Bernard J. Liebmann and Mary M. Liebmann v. Commissioner of Internal Revenue
This text of 630 F.2d 654 (Bernard J. Liebmann and Mary M. Liebmann v. Commissioner of Internal Revenue) is published on Counsel Stack Legal Research, covering Court of Appeals for the Eighth Circuit primary law. Counsel Stack provides free access to over 12 million legal documents including statutes, case law, regulations, and constitutions.
Opinion
Taxpayers, Bernard and Mary Liebmann, appeal from a ruling of the tax court sustaining the Commissioner’s determination of $4,456 in income tax deficiencies in their joint returns for 1973 and 1974. The tax court ruled that taxpayers were not entitled to a business bad debt deduction because of the worthlessness of loans made by Bernard J. Liebmann to his wholly owned corporation, or for payments on a bank loan to that corporation assumed by Liebmann as guarantor.
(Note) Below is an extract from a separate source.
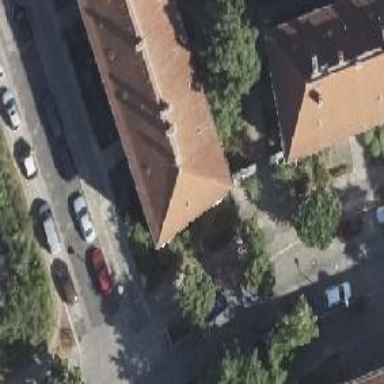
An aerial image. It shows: Hipped roof apartment building.

Taxpayers on appeal assert that the tax court was clearly erroneous in finding that Bernard Liebmann’s dominant motive for the loans and guarantee was not the salary he drew as an employee of the corporation but, rather, his interest as an investor in the corporation. Haying reviewed the record, we determine that substantial credible evidence supports the tax court’s findings.
Accordingly, the opinion of the tax court must be sustained for the reasons set forth in its decision. 39 T.C.M. (CCH) 248 (1979), [1979] 10 Fed. Taxes (P-H) ¶ 79,399.
Affirmed.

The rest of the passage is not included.